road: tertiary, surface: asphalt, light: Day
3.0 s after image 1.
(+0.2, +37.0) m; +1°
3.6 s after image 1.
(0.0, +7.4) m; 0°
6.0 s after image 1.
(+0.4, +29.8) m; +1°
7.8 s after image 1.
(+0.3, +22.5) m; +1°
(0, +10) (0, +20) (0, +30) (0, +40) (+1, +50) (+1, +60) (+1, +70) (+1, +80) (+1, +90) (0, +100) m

---

- _EXERCISE OBJECTIVE_: All the entries above are to be transcribed without any alteration.

- _WRITTEN SOLUTION_:
road: tertiary, surface: asphalt, light: Day
3.0 s after image 1.
(+0.2, +37.0) m; +1°
3.6 s after image 1.
(0.0, +7.4) m; 0°
6.0 s after image 1.
(+0.4, +29.8) m; +1°
7.8 s after image 1.
(+0.3, +22.5) m; +1°
(0, +10) (0, +20) (0, +30) (0, +40) (+1, +50) (+1, +60) (+1, +70) (+1, +80) (+1, +90) (0, +100) m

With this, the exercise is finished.